** What is expected **
Each entry should be duplicated verbatim; its pictures should not be.

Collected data
-- Opening Marker --

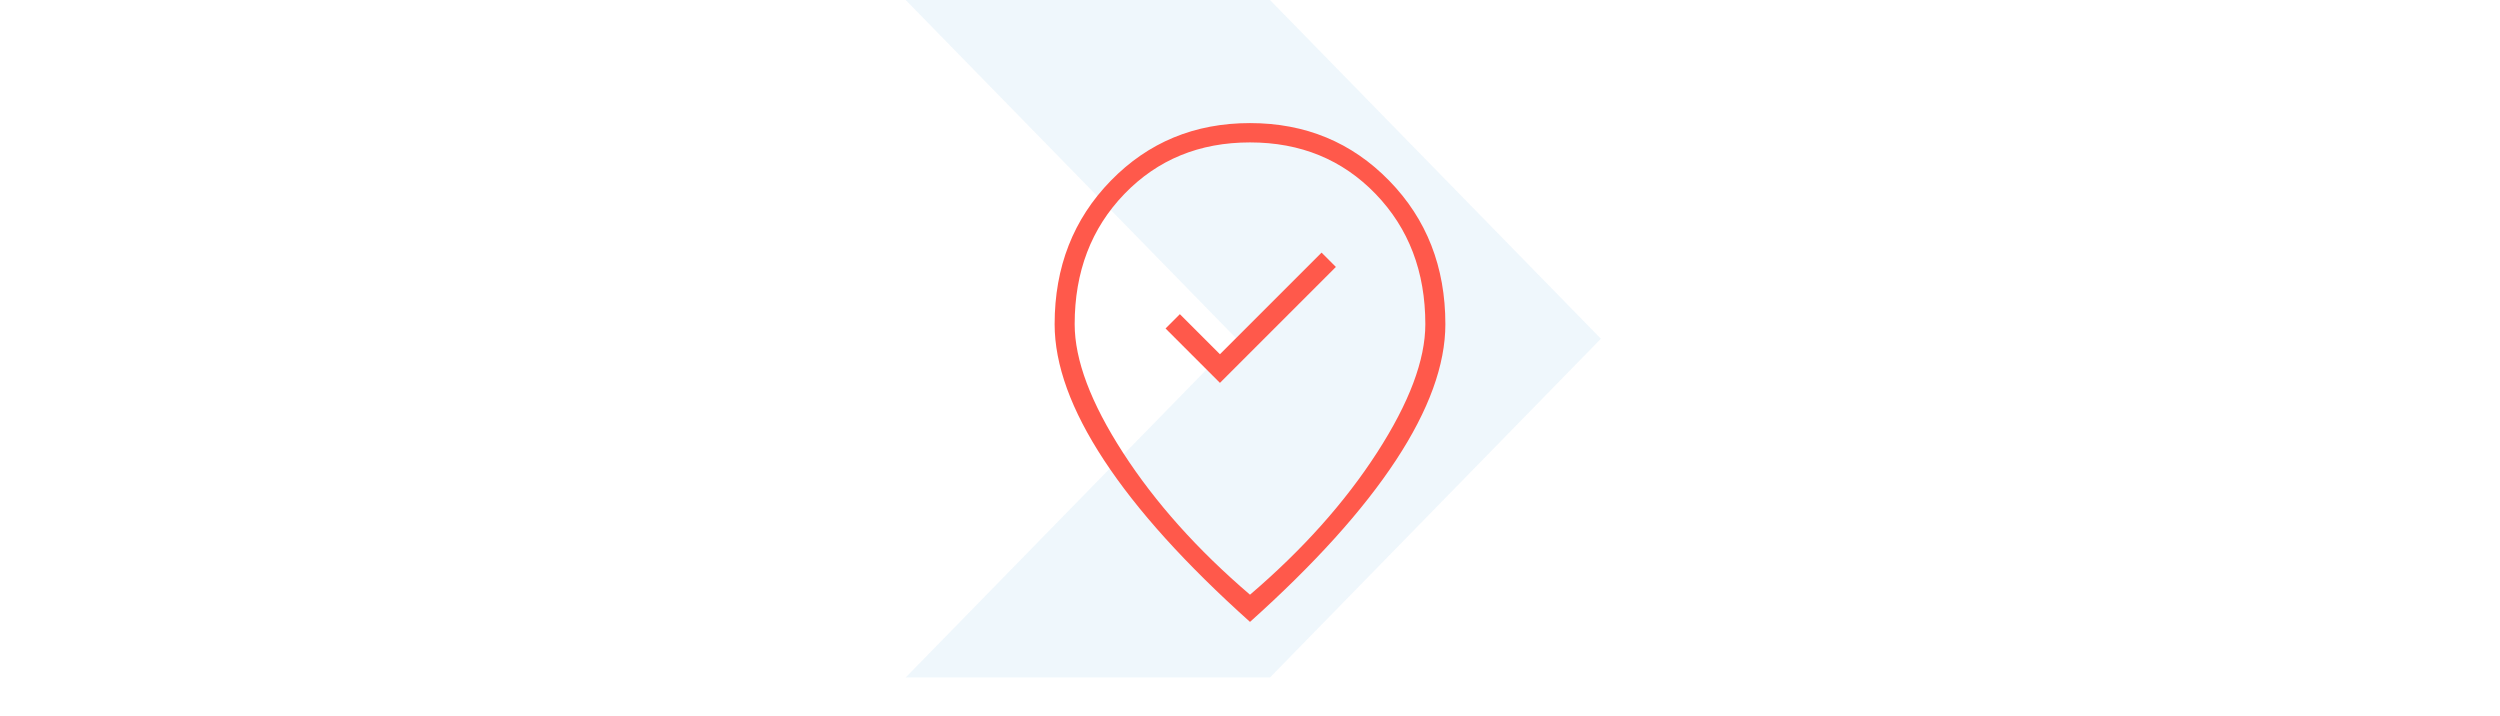 <svg width="262" height="75" viewBox="0 0 262 75" fill="none" xmlns="http://www.w3.org/2000/svg">
    <path opacity="0.3" d="M94.914 71L129.595 35.5L94.914 0H133.095L167.776 35.5L133.095 71H94.914Z" fill="#CAE4F3" />
    <mask id="mask0_4956_6053" style="mask-type:alpha" maskUnits="userSpaceOnUse" x="95" y="3" width="72" height="72">
        <rect x="95" y="3" width="72" height="72" fill="#D9D9D9" />
    </mask>
    <g mask="url(#mask0_4956_6053)">
        <path d="M127.85 40.125L140 27.975L138.5 26.475L127.85 37.125L123.65 32.925L122.15 34.425L127.85 40.125ZM131 62.325C136.5 57.625 140.938 52.662 144.313 47.437C147.688 42.212 149.375 37.725 149.375 33.975C149.375 28.475 147.638 23.925 144.163 20.325C140.688 16.725 136.3 14.925 131 14.925C125.7 14.925 121.313 16.725 117.838 20.325C114.363 23.925 112.625 28.475 112.625 33.975C112.625 37.725 114.313 42.212 117.688 47.437C121.063 52.662 125.5 57.625 131 62.325ZM131 65.175C124.25 59.125 119.15 53.475 115.7 48.225C112.25 42.975 110.525 38.225 110.525 33.975C110.525 27.975 112.488 22.962 116.413 18.937C120.338 14.912 125.2 12.9 131 12.9C136.8 12.9 141.663 14.912 145.588 18.937C149.513 22.962 151.475 27.975 151.475 33.975C151.475 38.225 149.75 42.975 146.3 48.225C142.85 53.475 137.75 59.125 131 65.175Z" fill="#FF594B" />
    </g>
</svg>

-- Closing Marker --

** Answer space **
 <svg width="262" height="75" viewBox="0 0 262 75" fill="none" xmlns="http://www.w3.org/2000/svg">
    <path opacity="0.3" d="M94.914 71L129.595 35.5L94.914 0H133.095L167.776 35.5L133.095 71H94.914Z" fill="#CAE4F3" />
    <mask id="mask0_4956_6053" style="mask-type:alpha" maskUnits="userSpaceOnUse" x="95" y="3" width="72" height="72">
        <rect x="95" y="3" width="72" height="72" fill="#D9D9D9" />
    </mask>
    <g mask="url(#mask0_4956_6053)">
        <path d="M127.85 40.125L140 27.975L138.5 26.475L127.85 37.125L123.65 32.925L122.15 34.425L127.85 40.125ZM131 62.325C136.5 57.625 140.938 52.662 144.313 47.437C147.688 42.212 149.375 37.725 149.375 33.975C149.375 28.475 147.638 23.925 144.163 20.325C140.688 16.725 136.3 14.925 131 14.925C125.7 14.925 121.313 16.725 117.838 20.325C114.363 23.925 112.625 28.475 112.625 33.975C112.625 37.725 114.313 42.212 117.688 47.437C121.063 52.662 125.5 57.625 131 62.325ZM131 65.175C124.25 59.125 119.15 53.475 115.7 48.225C112.25 42.975 110.525 38.225 110.525 33.975C110.525 27.975 112.488 22.962 116.413 18.937C120.338 14.912 125.2 12.9 131 12.9C136.8 12.9 141.663 14.912 145.588 18.937C149.513 22.962 151.475 27.975 151.475 33.975C151.475 38.225 149.75 42.975 146.3 48.225C142.85 53.475 137.75 59.125 131 65.175Z" fill="#FF594B" />
    </g>
</svg>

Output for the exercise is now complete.